(Items listed in a dataset)

=== Begin Enclosure ===

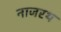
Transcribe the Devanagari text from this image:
नाजरथ
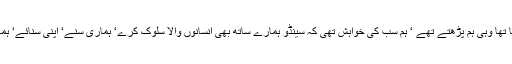
ہم سب سینڈو کے کلاس فیلو تھے‘ جو کتابیں وہ پڑھتا تھا وہی ہم پڑھتے تھے ‘ ہم سب کی خواہش تھی کہ سینڈو ہمارے ساتھ بھی انسانوں والا سلوک کرے‘ ہماری سنے‘ اپنی سنائے‘ ہمارے ساتھ کھیلا کرے‘ ہمیں حقیر سمجھنا چھوڑ دے۔
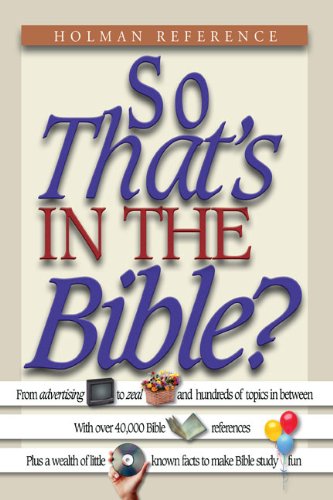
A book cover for So That's in the Bible?; Christian Books & Bibles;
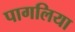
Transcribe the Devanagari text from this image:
पागलिया
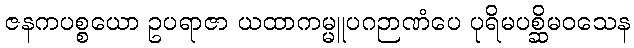
ဇနကပစ္စယော ဥပရာဇာ ယထာကမ္မူပဂဉာဏံပေ ပုရိမပစ္ဆိမဝသေန
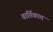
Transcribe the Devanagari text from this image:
वार्तिकात
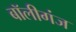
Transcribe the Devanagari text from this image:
बॉलीगंज
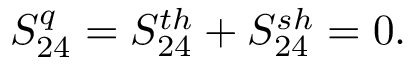
{ S _ { 2 4 } ^ { q } = S _ { 2 4 } ^ { t h } + S _ { 2 4 } ^ { s h } = 0 } .
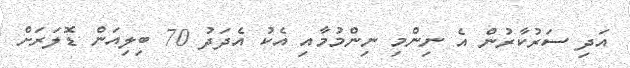
އަދި ސަރުކާރުން އެ ނިންމި ނިންމުމާއި އެކު އެދަދު 70 ބިލިއަން ޑޮލަރަށް
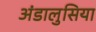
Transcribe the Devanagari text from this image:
अंडालुसिया

=== End Enclosure ===

▶ [About this exercise]:
From the first line to the last, set down the records above exactly and skip the pictures.

▶ [Answer section]:
Transcribe the Devanagari text from this image:
नाजरथ
ہم سب سینڈو کے کلاس فیلو تھے‘ جو کتابیں وہ پڑھتا تھا وہی ہم پڑھتے تھے ‘ ہم سب کی خواہش تھی کہ سینڈو ہمارے ساتھ بھی انسانوں والا سلوک کرے‘ ہماری سنے‘ اپنی سنائے‘ ہمارے ساتھ کھیلا کرے‘ ہمیں حقیر سمجھنا چھوڑ دے۔
A book cover for So That's in the Bible?; Christian Books & Bibles;
Transcribe the Devanagari text from this image:
पागलिया
ဇနကပစ္စယော ဥပရာဇာ ယထာကမ္မူပဂဉာဏံပေ ပုရိမပစ္ဆိမဝသေန
Transcribe the Devanagari text from this image:
वार्तिकात
Transcribe the Devanagari text from this image:
बॉलीगंज
{ S _ { 2 4 } ^ { q } = S _ { 2 4 } ^ { t h } + S _ { 2 4 } ^ { s h } = 0 } .
އަދި ސަރުކާރުން އެ ނިންމި ނިންމުމާއި އެކު އެދަދު 70 ބިލިއަން ޑޮލަރަށް
Transcribe the Devanagari text from this image:
अंडालुसिया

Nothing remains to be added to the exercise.